# [REQUIRED ACTION]
No pictures, everything else exact: set down the entries in full.

# [RECORDED INFORMATION]

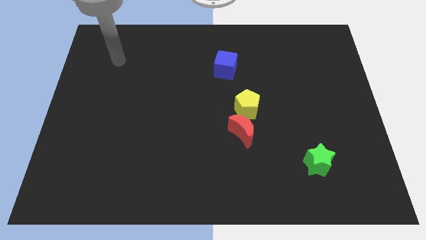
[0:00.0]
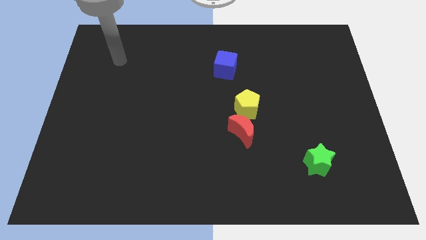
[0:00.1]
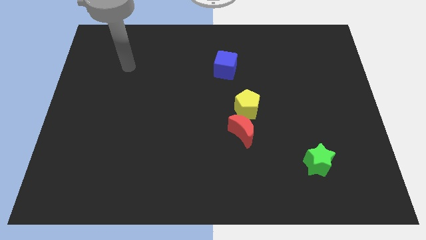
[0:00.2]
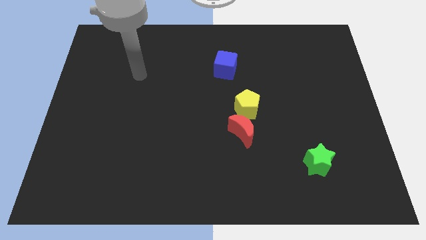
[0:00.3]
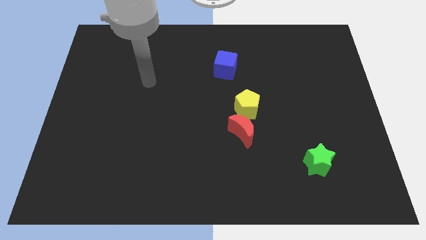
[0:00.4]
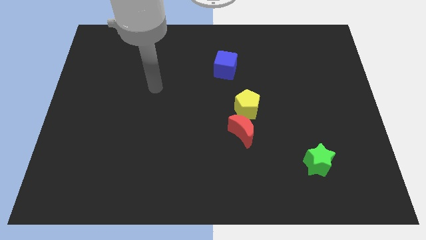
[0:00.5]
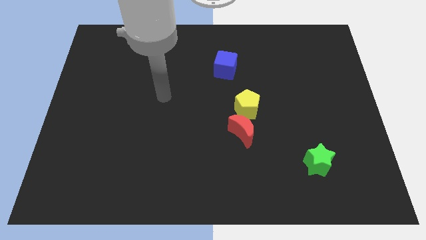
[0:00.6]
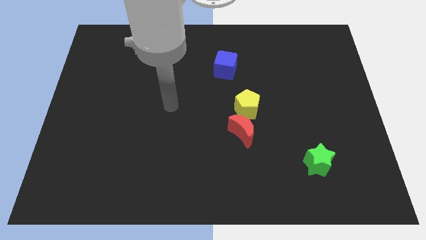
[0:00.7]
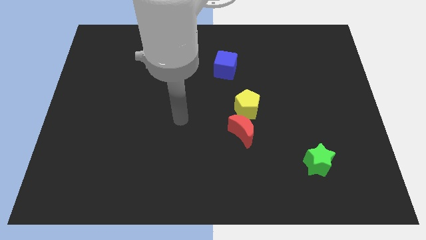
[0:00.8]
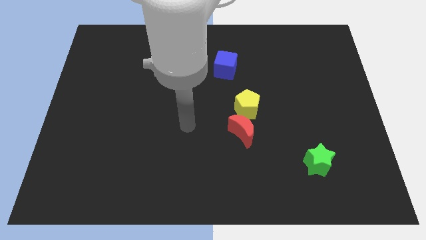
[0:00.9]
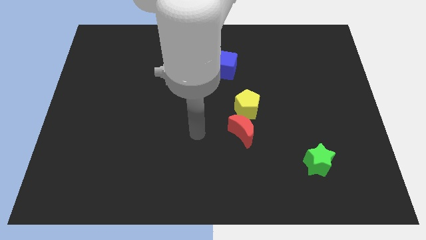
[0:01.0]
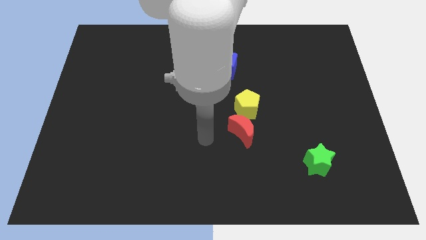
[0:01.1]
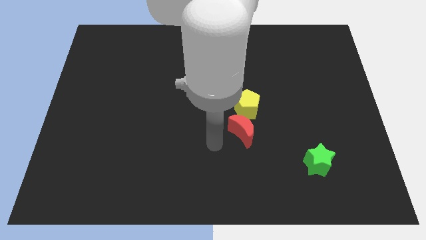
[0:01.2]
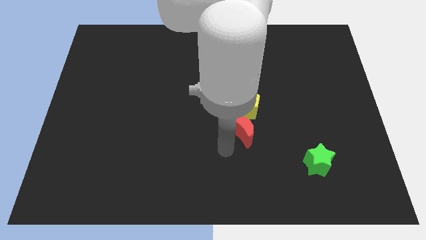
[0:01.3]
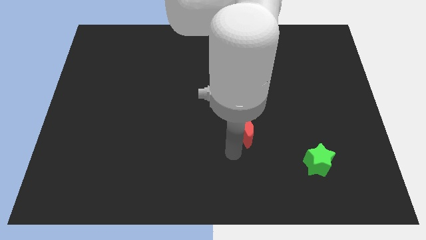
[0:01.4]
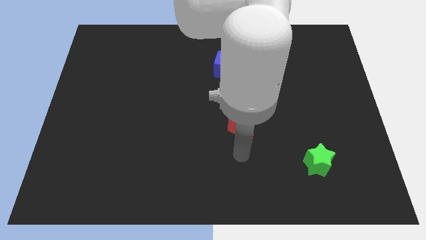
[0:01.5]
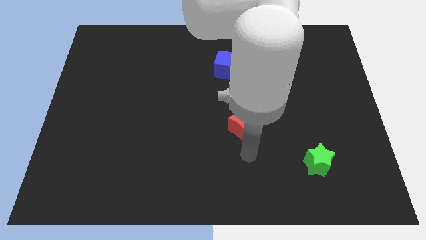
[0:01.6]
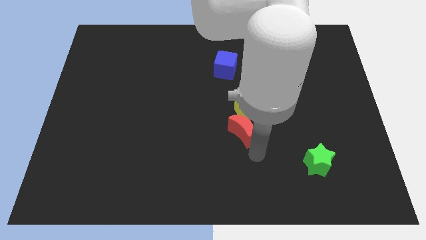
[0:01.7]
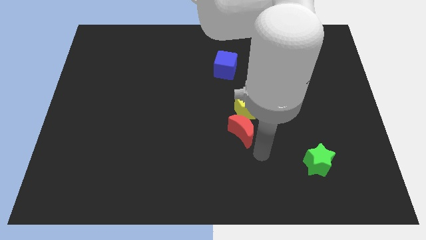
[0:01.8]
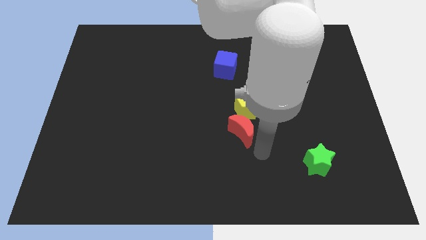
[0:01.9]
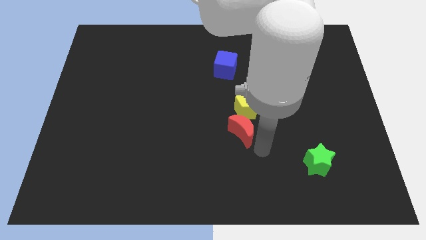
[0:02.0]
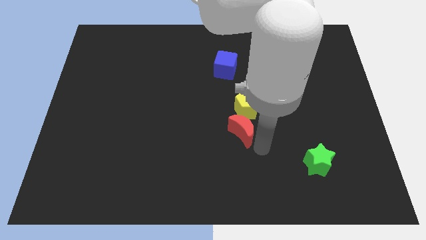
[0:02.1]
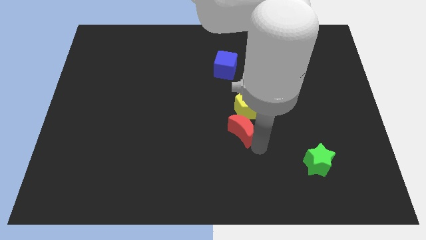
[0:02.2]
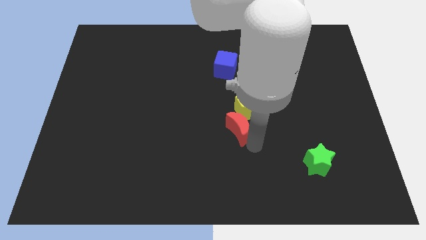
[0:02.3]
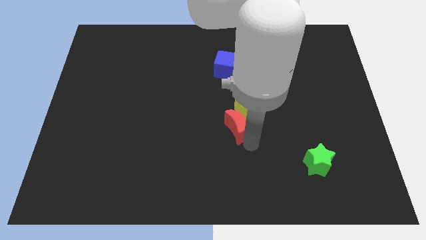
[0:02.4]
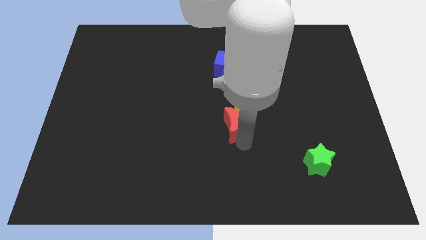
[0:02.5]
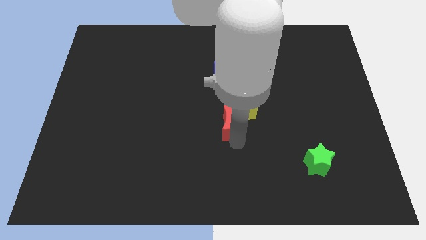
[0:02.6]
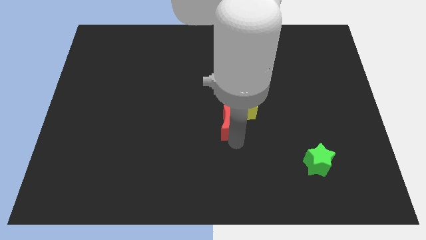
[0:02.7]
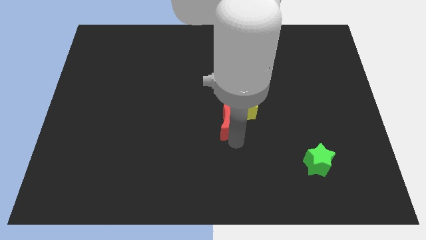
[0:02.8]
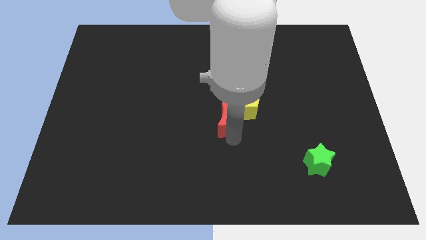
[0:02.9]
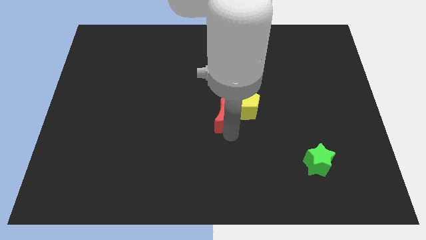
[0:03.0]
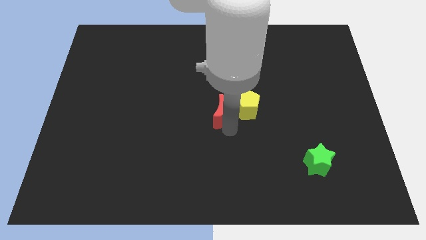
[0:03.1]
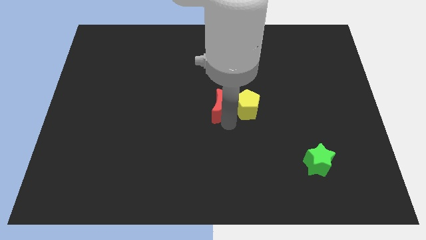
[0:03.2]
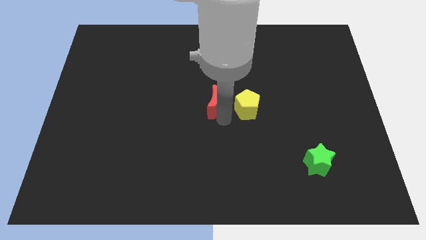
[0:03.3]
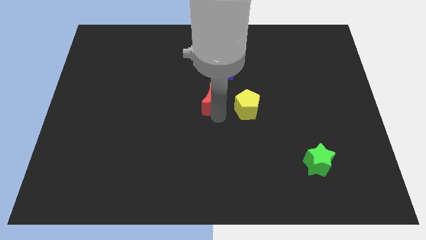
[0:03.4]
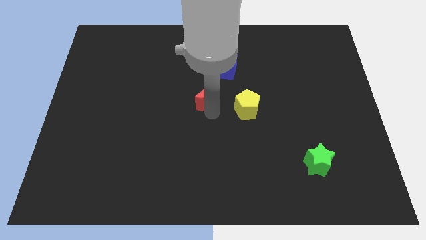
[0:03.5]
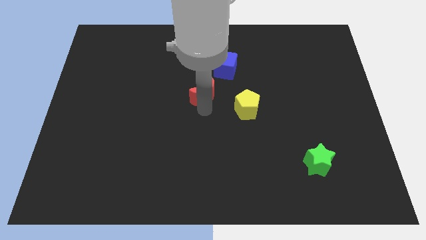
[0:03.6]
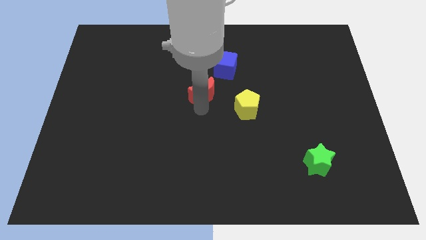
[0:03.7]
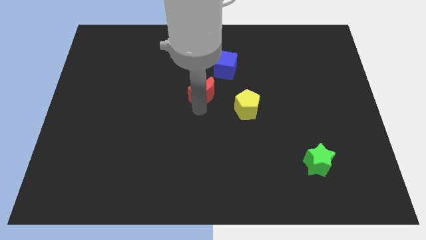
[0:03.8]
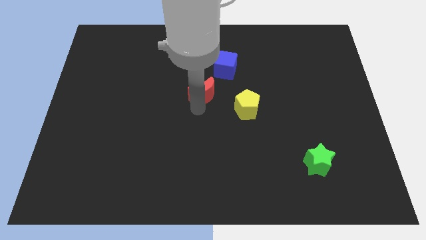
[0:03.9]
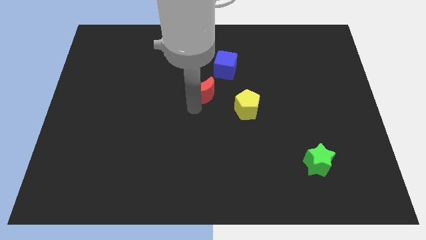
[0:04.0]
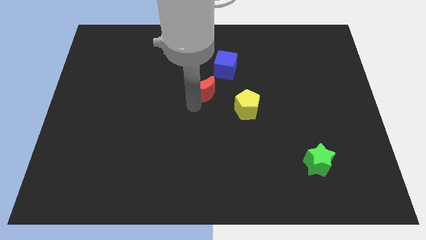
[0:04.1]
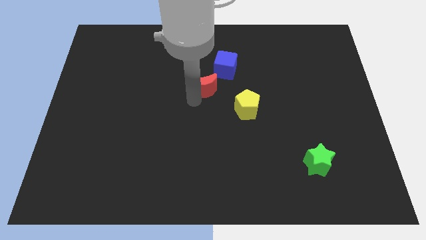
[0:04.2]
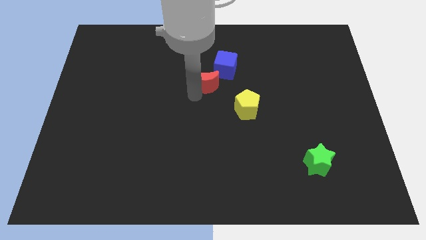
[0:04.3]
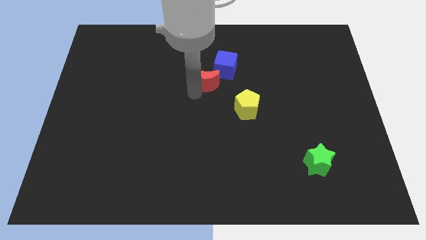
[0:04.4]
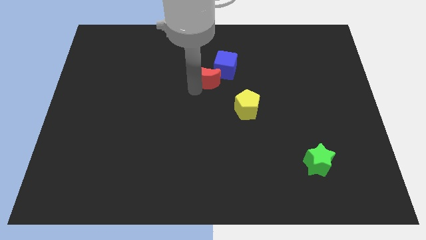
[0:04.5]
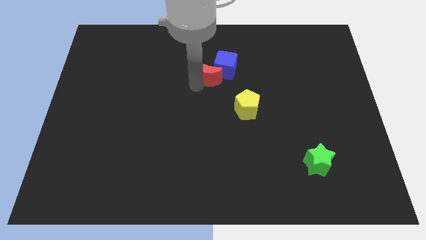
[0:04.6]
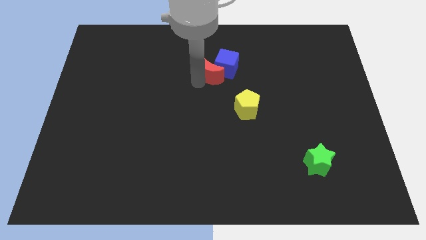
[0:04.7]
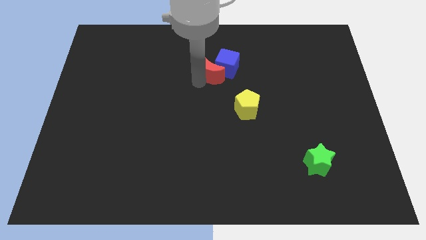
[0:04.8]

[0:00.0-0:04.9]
put the red block next to the blue block

# [PROBLEM SOLUTION]
[0:00.0]
[0:00.1]
[0:00.2]
[0:00.3]
[0:00.4]
[0:00.5]
[0:00.6]
[0:00.7]
[0:00.8]
[0:00.9]
[0:01.0]
[0:01.1]
[0:01.2]
[0:01.3]
[0:01.4]
[0:01.5]
[0:01.6]
[0:01.7]
[0:01.8]
[0:01.9]
[0:02.0]
[0:02.1]
[0:02.2]
[0:02.3]
[0:02.4]
[0:02.5]
[0:02.6]
[0:02.7]
[0:02.8]
[0:02.9]
[0:03.0]
[0:03.1]
[0:03.2]
[0:03.3]
[0:03.4]
[0:03.5]
[0:03.6]
[0:03.7]
[0:03.8]
[0:03.9]
[0:04.0]
[0:04.1]
[0:04.2]
[0:04.3]
[0:04.4]
[0:04.5]
[0:04.6]
[0:04.7]
[0:04.8]

[0:00.0-0:04.9]
put the red block next to the blue block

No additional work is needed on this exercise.